# About this exercise:
Copy out each line below verbatim, skipping any picture.

# Data for review:
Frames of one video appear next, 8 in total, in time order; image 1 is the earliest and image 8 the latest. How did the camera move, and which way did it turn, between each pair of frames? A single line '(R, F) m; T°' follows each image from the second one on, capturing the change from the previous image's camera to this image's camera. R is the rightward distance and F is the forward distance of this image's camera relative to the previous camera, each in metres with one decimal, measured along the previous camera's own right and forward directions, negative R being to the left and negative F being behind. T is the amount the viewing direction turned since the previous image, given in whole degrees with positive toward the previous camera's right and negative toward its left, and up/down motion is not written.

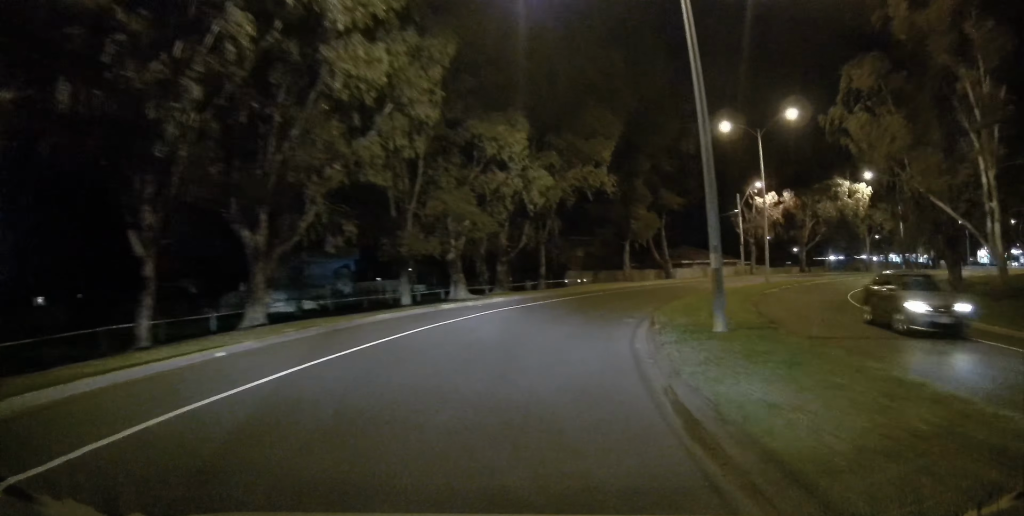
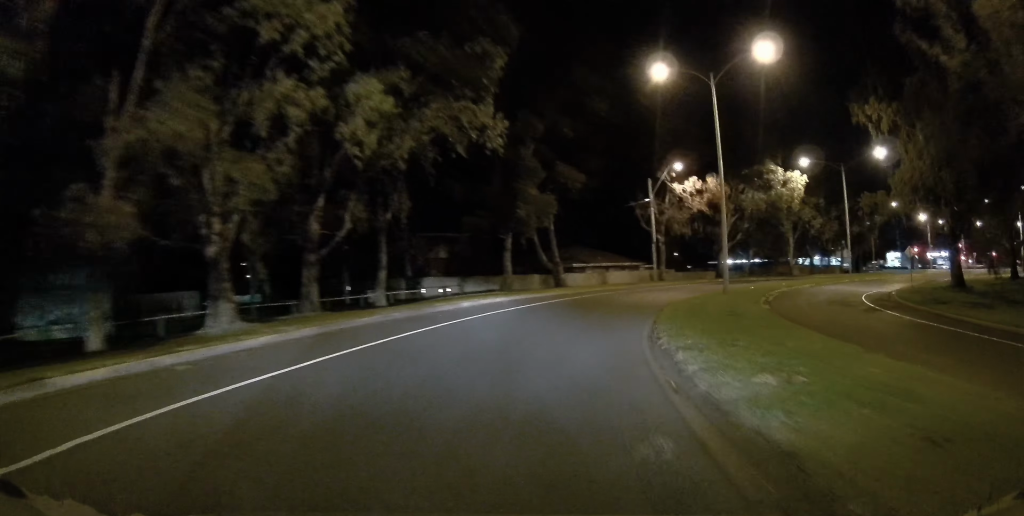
(-1.7, +14.6) m; -11°
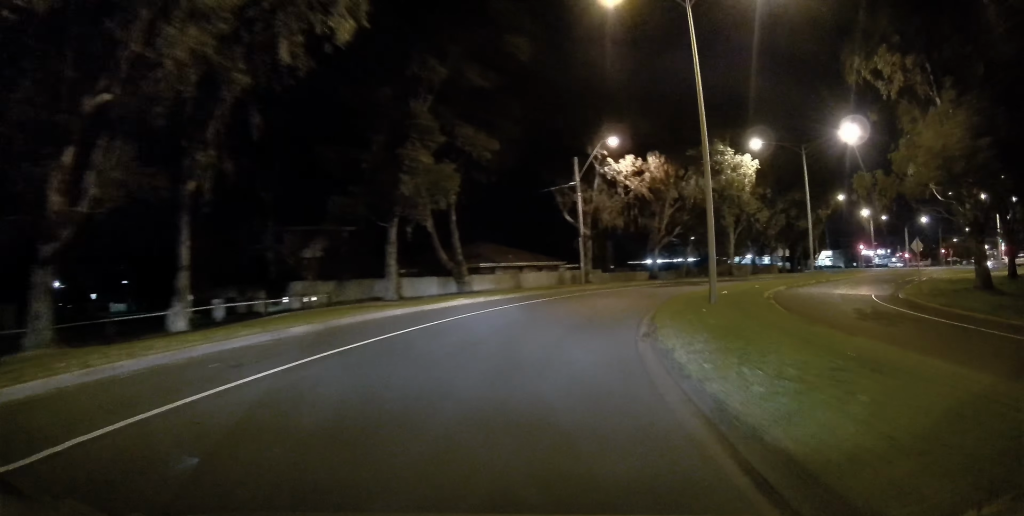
(-0.5, +11.5) m; -9°
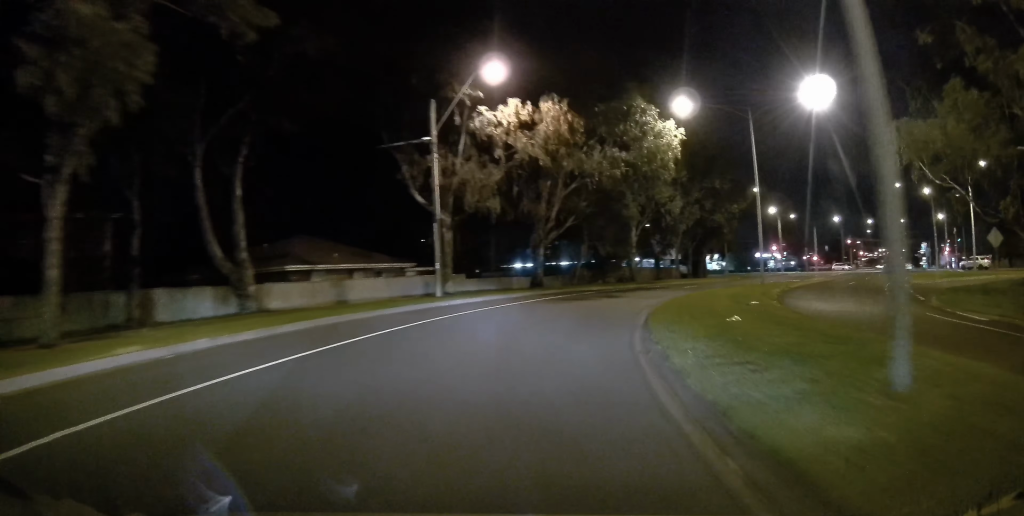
(-2.7, +19.2) m; -13°
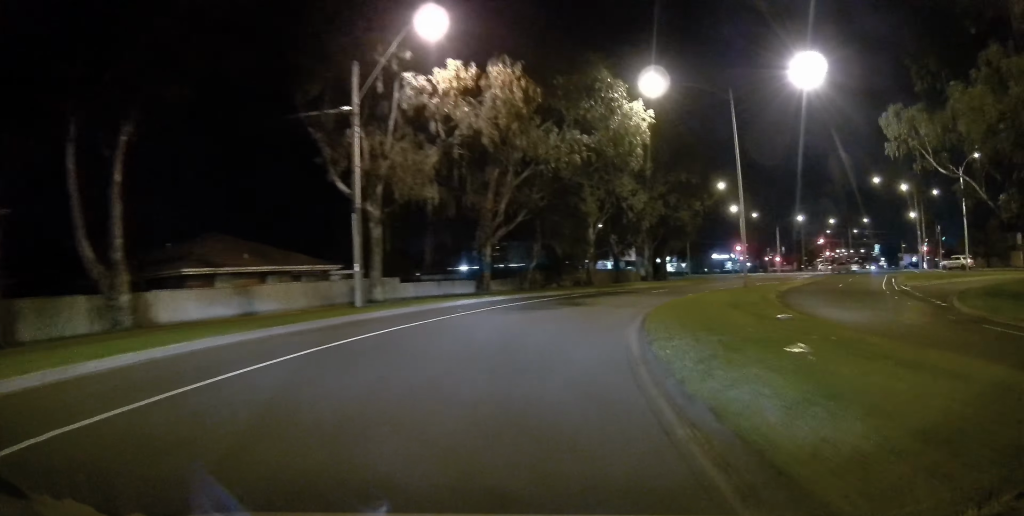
(+0.3, +7.6) m; -5°
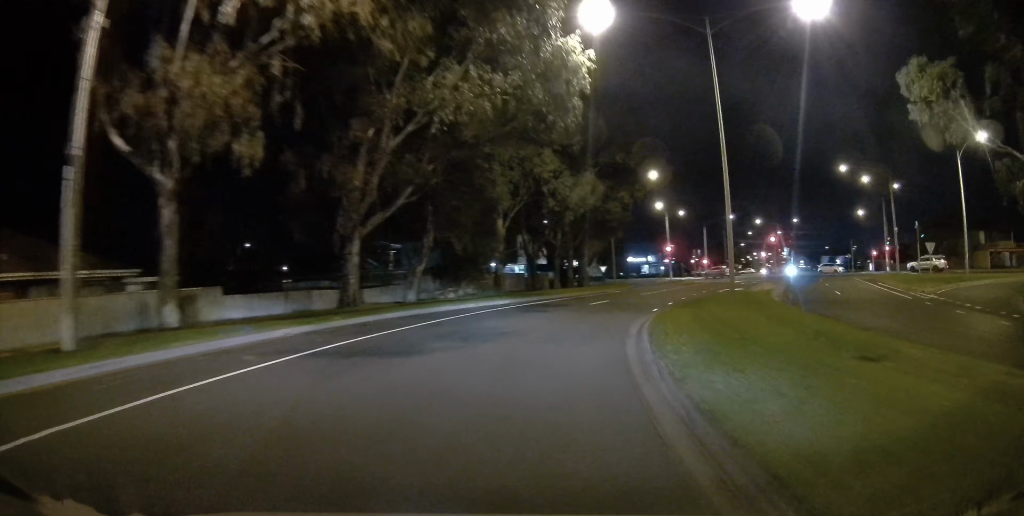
(-2.0, +13.4) m; -14°
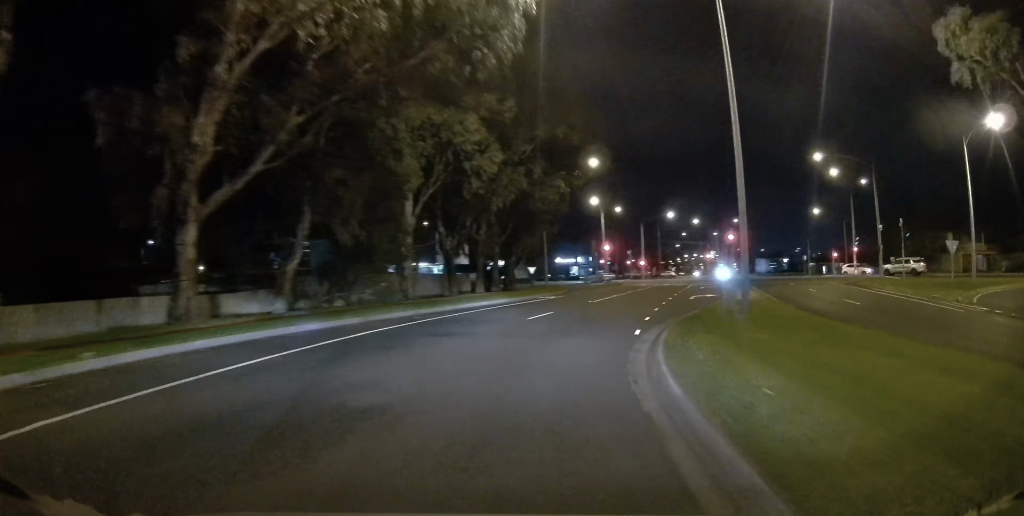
(-0.6, +9.0) m; -10°
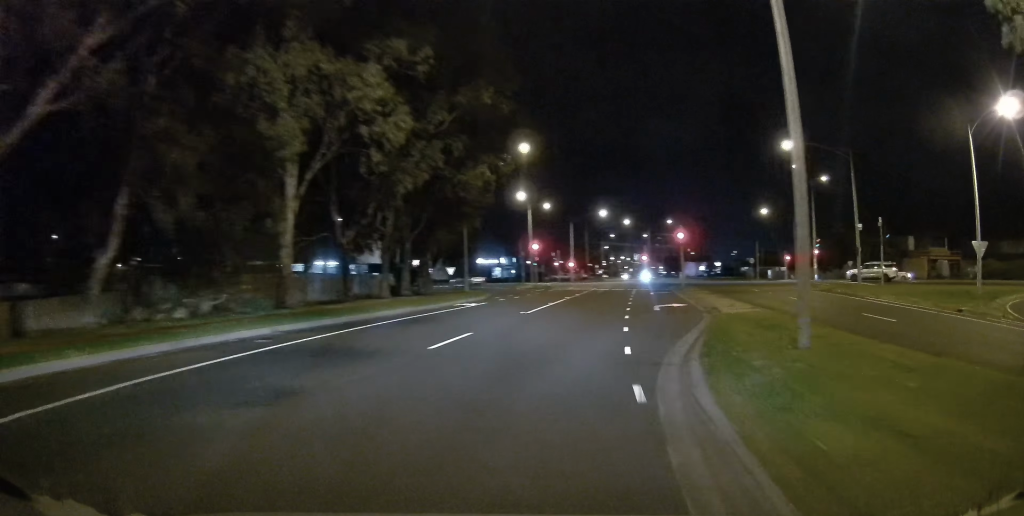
(-0.8, +6.9) m; -9°

# Written solution:
Frames of one video appear next, 8 in total, in time order; image 1 is the earliest and image 8 the latest. How did the camera move, and which way did it turn, between each pair of frames? A single line '(R, F) m; T°' follows each image from the second one on, capturing the change from the previous image's camera to this image's camera. R is the rightward distance and F is the forward distance of this image's camera relative to the previous camera, each in metres with one decimal, measured along the previous camera's own right and forward directions, negative R being to the left and negative F being behind. T is the amount the viewing direction turned since the previous image, given in whole degrees with positive toward the previous camera's right and negative toward its left, and up/down motion is not written.

(-1.7, +14.6) m; -11°
(-0.5, +11.5) m; -9°
(-2.7, +19.2) m; -13°
(+0.3, +7.6) m; -5°
(-2.0, +13.4) m; -14°
(-0.6, +9.0) m; -10°
(-0.8, +6.9) m; -9°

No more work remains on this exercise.